Agree, i'm not trying to stifle discussion.  Some things seemed like they were getting close to "Tracy bashing", which seemed like it could lead down a road of nastyness.  Just thought I'd make a comment before it went there.  Of course I'm not a moderator so what I say about it doesn't mean anything anyway.


----------



## Sapper6 (Jan 20, 2006)

Flying Crane said:
			
		

> Agree, i'm not trying to stifle discussion. Some things seemed like they were getting close to "Tracy bashing", which seemed like it could lead down a road of nastyness. Just thought I'd make a comment before it went there. Of course I'm not a moderator so what I say about it doesn't mean anything anyway.


 
yeah man, i see what you were saying.  no worries.  

i only posted the article for the simple reason that if people are going to compare things, they need as much as possible; and that means viewpoints and opinions originating from at least one of the camps.  although i searched far and wide across the net, i couldn't find a single article written by an EPAK practitioner that anything close to what was linked to above.  if anyone else does, i emplore them to post it.
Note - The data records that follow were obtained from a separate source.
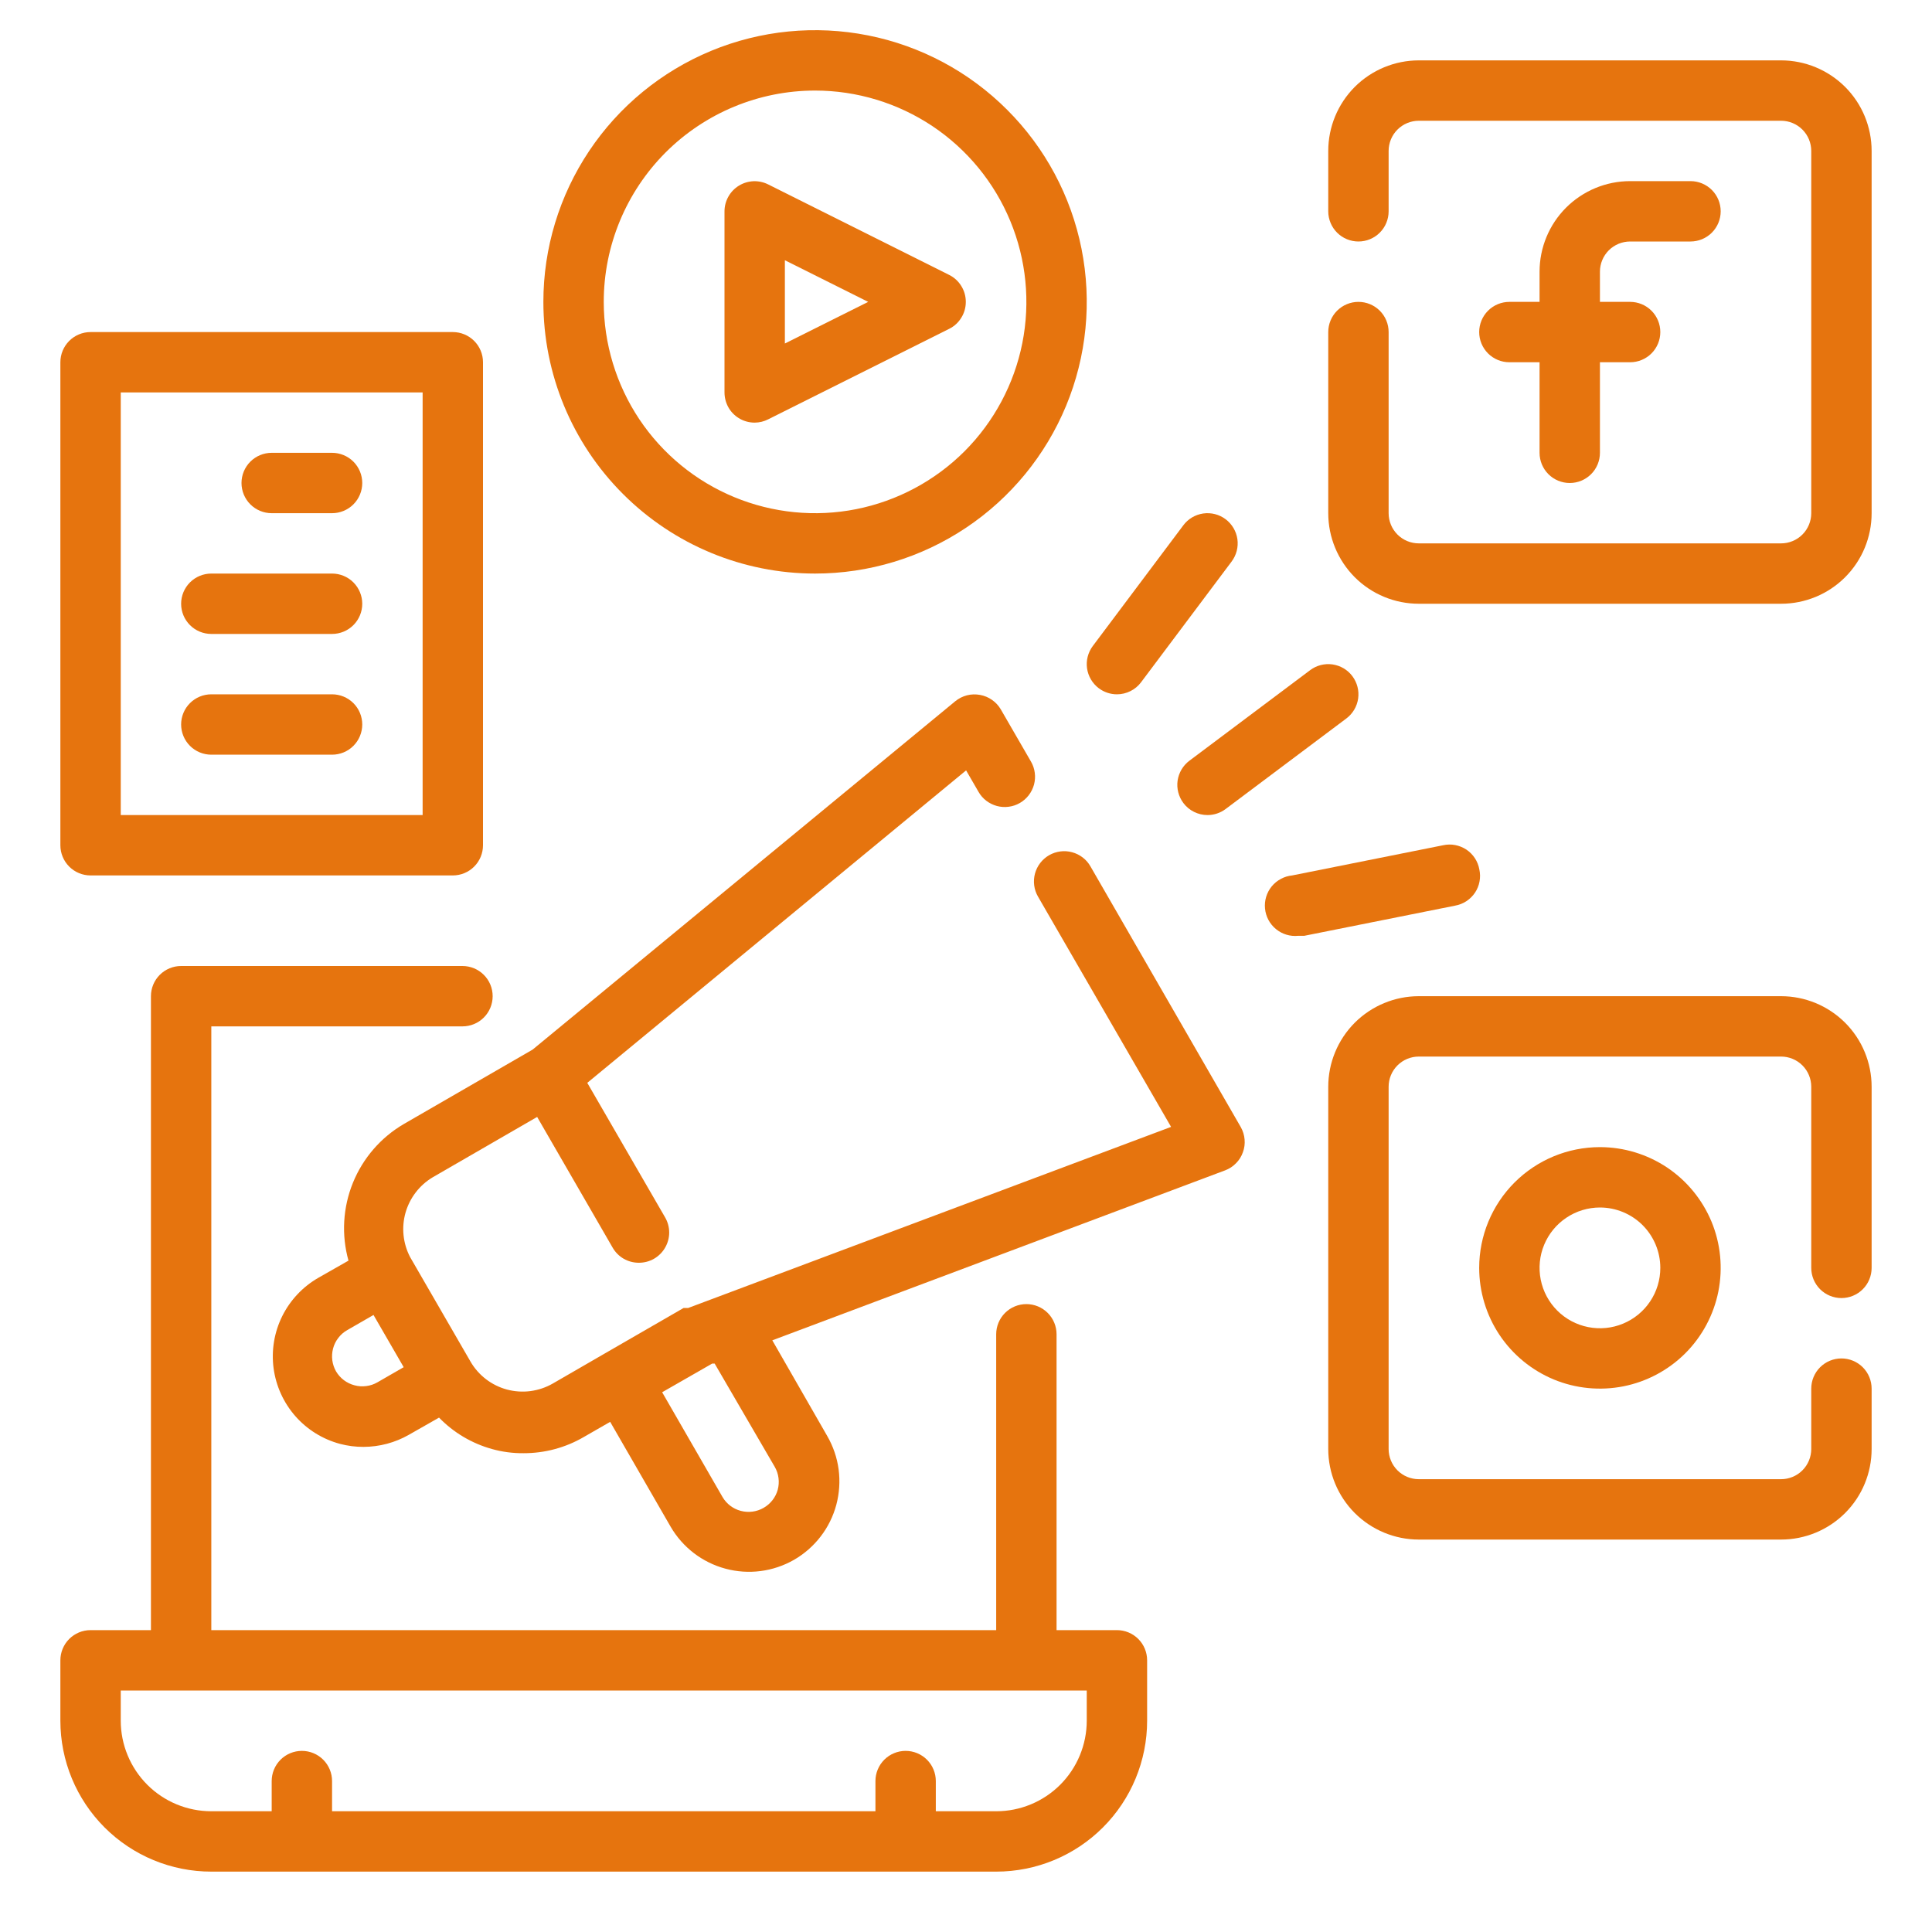 <svg xmlns="http://www.w3.org/2000/svg" fill="none" viewBox="0 0 40 40" height="40" width="40">
<path fill="#E6740E" d="M23.125 33.75H21.875V27.625C21.875 27.459 21.809 27.3 21.692 27.183C21.575 27.066 21.416 27 21.25 27C21.084 27 20.925 27.066 20.808 27.183C20.691 27.3 20.625 27.459 20.625 27.625V33.75H4.375V21.25H9.575C9.741 21.25 9.9 21.184 10.017 21.067C10.134 20.95 10.2 20.791 10.2 20.625C10.2 20.459 10.134 20.3 10.017 20.183C9.9 20.066 9.741 20 9.575 20H3.75C3.584 20 3.425 20.066 3.308 20.183C3.191 20.3 3.125 20.459 3.125 20.625V33.75H1.875C1.709 33.75 1.55 33.816 1.433 33.933C1.316 34.05 1.25 34.209 1.25 34.375V35.625C1.25 36.454 1.579 37.249 2.165 37.835C2.751 38.421 3.546 38.75 4.375 38.75H20.625C21.454 38.75 22.249 38.421 22.835 37.835C23.421 37.249 23.75 36.454 23.75 35.625V34.375C23.75 34.209 23.684 34.05 23.567 33.933C23.45 33.816 23.291 33.75 23.125 33.75ZM22.5 35.625C22.5 36.122 22.302 36.599 21.951 36.951C21.599 37.303 21.122 37.5 20.625 37.5H19.375V36.875C19.375 36.709 19.309 36.55 19.192 36.433C19.075 36.316 18.916 36.25 18.75 36.25C18.584 36.25 18.425 36.316 18.308 36.433C18.191 36.55 18.125 36.709 18.125 36.875V37.5H6.875V36.875C6.875 36.709 6.809 36.55 6.692 36.433C6.575 36.316 6.416 36.25 6.25 36.25C6.084 36.25 5.925 36.316 5.808 36.433C5.691 36.55 5.625 36.709 5.625 36.875V37.5H4.375C3.878 37.5 3.401 37.303 3.049 36.951C2.698 36.599 2.5 36.122 2.5 35.625V35H22.5V35.625Z"></path>
<path fill="#E6740E" d="M33.75 5H35C35.166 5 35.325 4.934 35.442 4.817C35.559 4.7 35.625 4.541 35.625 4.375C35.625 4.209 35.559 4.05 35.442 3.933C35.325 3.816 35.166 3.75 35 3.75H33.75C33.253 3.75 32.776 3.948 32.424 4.299C32.072 4.651 31.875 5.128 31.875 5.625V6.25H31.25C31.084 6.25 30.925 6.316 30.808 6.433C30.691 6.55 30.625 6.709 30.625 6.875C30.625 7.041 30.691 7.2 30.808 7.317C30.925 7.434 31.084 7.5 31.25 7.5H31.875V9.375C31.875 9.541 31.941 9.7 32.058 9.817C32.175 9.934 32.334 10 32.5 10C32.666 10 32.825 9.934 32.942 9.817C33.059 9.7 33.125 9.541 33.125 9.375V7.5H33.75C33.916 7.5 34.075 7.434 34.192 7.317C34.309 7.2 34.375 7.041 34.375 6.875C34.375 6.709 34.309 6.55 34.192 6.433C34.075 6.316 33.916 6.25 33.75 6.25H33.125V5.625C33.125 5.459 33.191 5.3 33.308 5.183C33.425 5.066 33.584 5 33.75 5Z"></path>
<path fill="#E6740E" d="M36.875 1.25H29.375C28.878 1.25 28.401 1.448 28.049 1.799C27.698 2.151 27.5 2.628 27.5 3.125V4.375C27.5 4.541 27.566 4.7 27.683 4.817C27.8 4.934 27.959 5 28.125 5C28.291 5 28.45 4.934 28.567 4.817C28.684 4.7 28.75 4.541 28.75 4.375V3.125C28.75 2.959 28.816 2.8 28.933 2.683C29.05 2.566 29.209 2.5 29.375 2.5H36.875C37.041 2.5 37.2 2.566 37.317 2.683C37.434 2.8 37.5 2.959 37.5 3.125V10.625C37.5 10.791 37.434 10.95 37.317 11.067C37.2 11.184 37.041 11.25 36.875 11.25H29.375C29.209 11.25 29.05 11.184 28.933 11.067C28.816 10.95 28.75 10.791 28.75 10.625V6.875C28.75 6.709 28.684 6.55 28.567 6.433C28.45 6.316 28.291 6.25 28.125 6.25C27.959 6.25 27.8 6.316 27.683 6.433C27.566 6.55 27.5 6.709 27.5 6.875V10.625C27.5 11.122 27.698 11.599 28.049 11.951C28.401 12.303 28.878 12.5 29.375 12.5H36.875C37.372 12.5 37.849 12.303 38.201 11.951C38.553 11.599 38.75 11.122 38.75 10.625V3.125C38.75 2.628 38.553 2.151 38.201 1.799C37.849 1.448 37.372 1.25 36.875 1.25Z"></path>
<path fill="#E6740E" d="M30.625 26.25C30.625 26.744 30.772 27.228 31.046 27.639C31.321 28.05 31.712 28.37 32.168 28.56C32.625 28.749 33.128 28.798 33.613 28.702C34.098 28.605 34.543 28.367 34.893 28.018C35.242 27.668 35.48 27.223 35.577 26.738C35.673 26.253 35.624 25.75 35.435 25.293C35.245 24.837 34.925 24.446 34.514 24.171C34.103 23.897 33.62 23.75 33.125 23.75C32.462 23.75 31.826 24.013 31.357 24.482C30.888 24.951 30.625 25.587 30.625 26.25ZM34.375 26.25C34.375 26.497 34.302 26.739 34.164 26.945C34.027 27.15 33.832 27.31 33.603 27.405C33.375 27.5 33.124 27.524 32.881 27.476C32.639 27.428 32.416 27.309 32.241 27.134C32.066 26.959 31.947 26.736 31.899 26.494C31.851 26.251 31.875 26 31.97 25.772C32.065 25.543 32.225 25.348 32.431 25.211C32.636 25.073 32.878 25 33.125 25C33.456 25 33.775 25.132 34.009 25.366C34.243 25.601 34.375 25.919 34.375 26.25Z"></path>
<path fill="#E6740E" d="M36.875 20.625H29.375C28.878 20.625 28.401 20.823 28.049 21.174C27.698 21.526 27.5 22.003 27.5 22.5V30C27.5 30.497 27.698 30.974 28.049 31.326C28.401 31.677 28.878 31.875 29.375 31.875H36.875C37.372 31.875 37.849 31.677 38.201 31.326C38.553 30.974 38.75 30.497 38.75 30V28.75C38.75 28.584 38.684 28.425 38.567 28.308C38.45 28.191 38.291 28.125 38.125 28.125C37.959 28.125 37.8 28.191 37.683 28.308C37.566 28.425 37.5 28.584 37.5 28.75V30C37.5 30.166 37.434 30.325 37.317 30.442C37.2 30.559 37.041 30.625 36.875 30.625H29.375C29.209 30.625 29.05 30.559 28.933 30.442C28.816 30.325 28.75 30.166 28.75 30V22.5C28.75 22.334 28.816 22.175 28.933 22.058C29.05 21.941 29.209 21.875 29.375 21.875H36.875C37.041 21.875 37.2 21.941 37.317 22.058C37.434 22.175 37.5 22.334 37.5 22.5V26.25C37.5 26.416 37.566 26.575 37.683 26.692C37.8 26.809 37.959 26.875 38.125 26.875C38.291 26.875 38.45 26.809 38.567 26.692C38.684 26.575 38.75 26.416 38.75 26.25V22.5C38.75 22.003 38.553 21.526 38.201 21.174C37.849 20.823 37.372 20.625 36.875 20.625Z"></path>
<path fill="#E6740E" d="M15.294 8.656C15.393 8.718 15.508 8.75 15.625 8.75C15.723 8.749 15.819 8.726 15.906 8.681L19.656 6.806C19.759 6.754 19.845 6.674 19.904 6.576C19.965 6.478 19.996 6.365 19.996 6.25C19.996 6.135 19.965 6.022 19.904 5.924C19.845 5.826 19.759 5.746 19.656 5.694L15.906 3.819C15.811 3.771 15.705 3.748 15.599 3.752C15.492 3.757 15.389 3.788 15.298 3.844C15.207 3.9 15.132 3.978 15.08 4.071C15.028 4.164 15 4.268 15 4.375V8.125C15 8.231 15.027 8.336 15.078 8.429C15.129 8.522 15.204 8.6 15.294 8.656ZM16.25 5.388L17.975 6.25L16.25 7.112V5.388Z"></path>
<path fill="#E6740E" d="M16.875 11.875C17.988 11.875 19.075 11.545 20 10.927C20.925 10.309 21.646 9.43 22.072 8.403C22.498 7.375 22.609 6.244 22.392 5.153C22.175 4.061 21.639 3.059 20.852 2.273C20.066 1.486 19.064 0.95 17.972 0.733C16.881 0.516 15.75 0.627 14.722 1.053C13.695 1.479 12.816 2.2 12.198 3.125C11.58 4.05 11.25 5.137 11.25 6.25C11.25 7.742 11.843 9.173 12.898 10.227C13.952 11.282 15.383 11.875 16.875 11.875ZM16.875 1.875C17.74 1.875 18.586 2.132 19.306 2.612C20.025 3.093 20.586 3.776 20.917 4.576C21.248 5.375 21.335 6.255 21.166 7.104C20.997 7.952 20.58 8.732 19.969 9.344C19.357 9.955 18.577 10.372 17.729 10.541C16.88 10.71 16 10.623 15.201 10.292C14.401 9.961 13.718 9.4 13.237 8.681C12.757 7.961 12.5 7.115 12.5 6.25C12.5 5.09 12.961 3.977 13.781 3.156C14.602 2.336 15.715 1.875 16.875 1.875Z"></path>
<path fill="#E6740E" d="M23.125 14.375C23.222 14.375 23.318 14.352 23.404 14.309C23.491 14.266 23.567 14.203 23.625 14.125L25.5 11.625C25.599 11.492 25.642 11.326 25.619 11.162C25.595 10.998 25.508 10.85 25.375 10.75C25.242 10.65 25.076 10.608 24.912 10.631C24.747 10.655 24.599 10.742 24.5 10.875L22.625 13.375C22.526 13.508 22.483 13.674 22.506 13.838C22.53 14.002 22.617 14.15 22.75 14.25C22.858 14.331 22.99 14.375 23.125 14.375Z"></path>
<path fill="#E6740E" d="M24.5 16.625C24.558 16.703 24.634 16.766 24.721 16.809C24.807 16.852 24.903 16.875 25 16.875C25.135 16.875 25.267 16.831 25.375 16.75L27.875 14.875C28.008 14.775 28.095 14.627 28.119 14.463C28.142 14.299 28.099 14.133 28 14C27.901 13.867 27.753 13.78 27.588 13.756C27.424 13.733 27.258 13.775 27.125 13.875L24.625 15.75C24.492 15.85 24.405 15.998 24.381 16.162C24.358 16.326 24.401 16.492 24.5 16.625Z"></path>
<path fill="#E6740E" d="M30.628 18C30.613 17.917 30.582 17.838 30.536 17.768C30.489 17.697 30.43 17.637 30.36 17.59C30.29 17.544 30.211 17.512 30.128 17.496C30.045 17.48 29.96 17.482 29.878 17.5L26.753 18.125C26.671 18.133 26.591 18.157 26.519 18.197C26.446 18.235 26.382 18.288 26.329 18.352C26.224 18.481 26.174 18.647 26.191 18.812C26.207 18.978 26.289 19.131 26.418 19.236C26.547 19.342 26.712 19.392 26.878 19.375H27.003L30.128 18.75C30.211 18.735 30.29 18.704 30.36 18.658C30.431 18.611 30.491 18.552 30.538 18.482C30.585 18.412 30.617 18.333 30.632 18.25C30.648 18.167 30.646 18.082 30.628 18Z"></path>
<path fill="#E6740E" d="M1.875 18.125H9.375C9.541 18.125 9.7 18.059 9.817 17.942C9.934 17.825 10 17.666 10 17.5V7.5C10 7.334 9.934 7.175 9.817 7.058C9.7 6.941 9.541 6.875 9.375 6.875H1.875C1.709 6.875 1.55 6.941 1.433 7.058C1.316 7.175 1.25 7.334 1.25 7.5V17.5C1.25 17.666 1.316 17.825 1.433 17.942C1.55 18.059 1.709 18.125 1.875 18.125ZM2.5 8.125H8.75V16.875H2.5V8.125Z"></path>
<path fill="#E6740E" d="M6.875 9.375H5.625C5.459 9.375 5.3 9.441 5.183 9.558C5.066 9.675 5 9.834 5 10C5 10.166 5.066 10.325 5.183 10.442C5.3 10.559 5.459 10.625 5.625 10.625H6.875C7.041 10.625 7.2 10.559 7.317 10.442C7.434 10.325 7.5 10.166 7.5 10C7.5 9.834 7.434 9.675 7.317 9.558C7.2 9.441 7.041 9.375 6.875 9.375Z"></path>
<path fill="#E6740E" d="M6.875 11.875H4.375C4.209 11.875 4.05 11.941 3.933 12.058C3.816 12.175 3.75 12.334 3.75 12.5C3.75 12.666 3.816 12.825 3.933 12.942C4.05 13.059 4.209 13.125 4.375 13.125H6.875C7.041 13.125 7.2 13.059 7.317 12.942C7.434 12.825 7.5 12.666 7.5 12.5C7.5 12.334 7.434 12.175 7.317 12.058C7.2 11.941 7.041 11.875 6.875 11.875Z"></path>
<path fill="#E6740E" d="M6.875 14.375H4.375C4.209 14.375 4.05 14.441 3.933 14.558C3.816 14.675 3.75 14.834 3.75 15C3.75 15.166 3.816 15.325 3.933 15.442C4.05 15.559 4.209 15.625 4.375 15.625H6.875C7.041 15.625 7.2 15.559 7.317 15.442C7.434 15.325 7.5 15.166 7.5 15C7.5 14.834 7.434 14.675 7.317 14.558C7.2 14.441 7.041 14.375 6.875 14.375Z"></path>
<path fill="#E6740E" d="M22.577 17.938C22.536 17.866 22.482 17.803 22.416 17.753C22.351 17.703 22.276 17.666 22.197 17.645C22.117 17.623 22.035 17.617 21.953 17.628C21.871 17.639 21.792 17.665 21.721 17.706C21.65 17.747 21.587 17.802 21.537 17.867C21.486 17.933 21.45 18.007 21.428 18.087C21.407 18.166 21.401 18.249 21.412 18.331C21.422 18.412 21.449 18.491 21.49 18.562L24.246 23.331L14.246 27.081C14.246 27.081 14.246 27.081 14.202 27.081H14.152L12.527 28.019L11.446 28.644C11.304 28.726 11.146 28.779 10.983 28.801C10.82 28.822 10.655 28.811 10.496 28.769C10.177 28.683 9.905 28.474 9.74 28.188L8.49 26.025C8.343 25.742 8.309 25.414 8.396 25.107C8.484 24.8 8.685 24.538 8.958 24.375L11.121 23.125L12.684 25.831C12.739 25.927 12.818 26.006 12.913 26.061C13.009 26.116 13.117 26.144 13.227 26.144C13.337 26.144 13.445 26.116 13.541 26.061C13.636 26.006 13.715 25.927 13.77 25.832C13.825 25.737 13.855 25.629 13.855 25.519C13.855 25.409 13.826 25.301 13.771 25.206L12.159 22.419L20.002 15.95L20.259 16.394C20.299 16.465 20.354 16.528 20.419 16.578C20.485 16.628 20.559 16.665 20.639 16.687C20.718 16.708 20.801 16.714 20.883 16.703C20.965 16.693 21.043 16.666 21.115 16.625C21.186 16.584 21.249 16.529 21.299 16.464C21.349 16.399 21.386 16.324 21.408 16.245C21.429 16.165 21.435 16.082 21.424 16.001C21.414 15.919 21.387 15.84 21.346 15.769L20.721 14.688C20.675 14.609 20.613 14.542 20.538 14.49C20.464 14.438 20.379 14.403 20.29 14.387C20.2 14.371 20.107 14.373 20.019 14.396C19.93 14.419 19.848 14.461 19.777 14.519L11.027 21.731L8.365 23.269C7.887 23.547 7.515 23.976 7.307 24.488C7.099 25 7.066 25.567 7.215 26.1L6.59 26.456C6.268 26.641 6.008 26.918 5.843 27.25C5.678 27.583 5.616 27.957 5.664 28.326C5.713 28.694 5.869 29.039 6.114 29.319C6.359 29.598 6.681 29.798 7.04 29.894C7.199 29.936 7.363 29.957 7.527 29.956C7.856 29.955 8.179 29.869 8.465 29.706L9.09 29.35C9.39 29.66 9.768 29.884 10.184 30C10.397 30.06 10.618 30.089 10.84 30.087C11.279 30.088 11.711 29.972 12.09 29.75L12.633 29.438L13.883 31.606C14.132 32.036 14.54 32.349 15.02 32.478C15.499 32.607 16.009 32.541 16.44 32.294C16.653 32.171 16.84 32.007 16.991 31.811C17.141 31.616 17.251 31.393 17.315 31.155C17.378 30.917 17.395 30.669 17.363 30.424C17.331 30.18 17.25 29.945 17.127 29.731L15.99 27.75L25.365 24.231C25.45 24.199 25.527 24.149 25.59 24.084C25.654 24.02 25.703 23.942 25.733 23.856C25.764 23.772 25.776 23.682 25.768 23.592C25.761 23.503 25.734 23.416 25.69 23.337L22.577 17.938ZM7.815 28.619C7.744 28.66 7.665 28.687 7.583 28.697C7.502 28.708 7.419 28.703 7.34 28.681C7.18 28.64 7.042 28.536 6.958 28.394C6.917 28.323 6.891 28.244 6.88 28.163C6.869 28.081 6.875 27.998 6.896 27.919C6.917 27.839 6.954 27.764 7.005 27.699C7.055 27.633 7.118 27.578 7.19 27.538L7.733 27.225L8.358 28.306L7.815 28.619ZM16.04 30.369C16.081 30.44 16.108 30.518 16.118 30.6C16.129 30.681 16.123 30.764 16.102 30.844C16.058 31.003 15.952 31.137 15.809 31.219C15.666 31.301 15.496 31.323 15.337 31.281C15.178 31.239 15.042 31.136 14.959 30.994L13.709 28.825L14.746 28.231H14.796L16.04 30.369Z"></path>
</svg>

please don't construe what i've posted above as support for EPAK.  i don't even study it.


----------



## Flying Crane (Jan 20, 2006)

Sapper6 said:
			
		

> yeah man, i see what you were saying. no worries.
> 
> i only posted the article for the simple reason that if people are going to compare things, they need as much as possible; and that means viewpoints and opinions originating from at least one of the camps. although i searched far and wide across the net, i couldn't find a single article written by an EPAK practitioner that anything close to what was linked to above. if anyone else does, i emplore them to post it.
> 
> please don't construe what i've posted above as support for EPAK. i don't even study it.


 
I actually think posting the link to the articles was good and informative for people who might not have seen them before, so my comment wasn't even aimed at that.  It just seemed like a couple reactions to the articles might have been heading toward hostility and I didn't want it to turn into an argument that moved away from the spirit of the thread.  Maybe I was reading too much into what was being said and I am wrong about it, but I just wanted to remind us all that we are trying to have a positive discussion about the two systems, and we aren't here to point fingers at certain personalities, even if those personalities might be abrasive.

I've said before, I suspect there is _some_ truth in the articles but they were written in an inflamatory way.  I suspect we will never know the real truth about what insults and slights may have passed between Mr. Parker and the Tracys.  I suspect they went both ways.  As far as I am concerned, it is history (a bit colorful and perhaps with some fireworks to boot, but history nonetheless).  Two separate but similar and related arts have grown from that era.  Both arts have merit.  They approach training and learning from different angles but I bet in the hands of competent practitioners they have equal potential.

We have had a discussion going about Kosho Shorei Ryu here: http://martialtalk.com/forum/showthread.php?t=29947&page=6
Around page 6 and 7 of the thread some interesting ideas came up regarding the kenpo curriculum.  It was an idea that struck me based on the discussion in the thread and some contemplation that I have had about the system for a long time.  You might find the discussion enteraining.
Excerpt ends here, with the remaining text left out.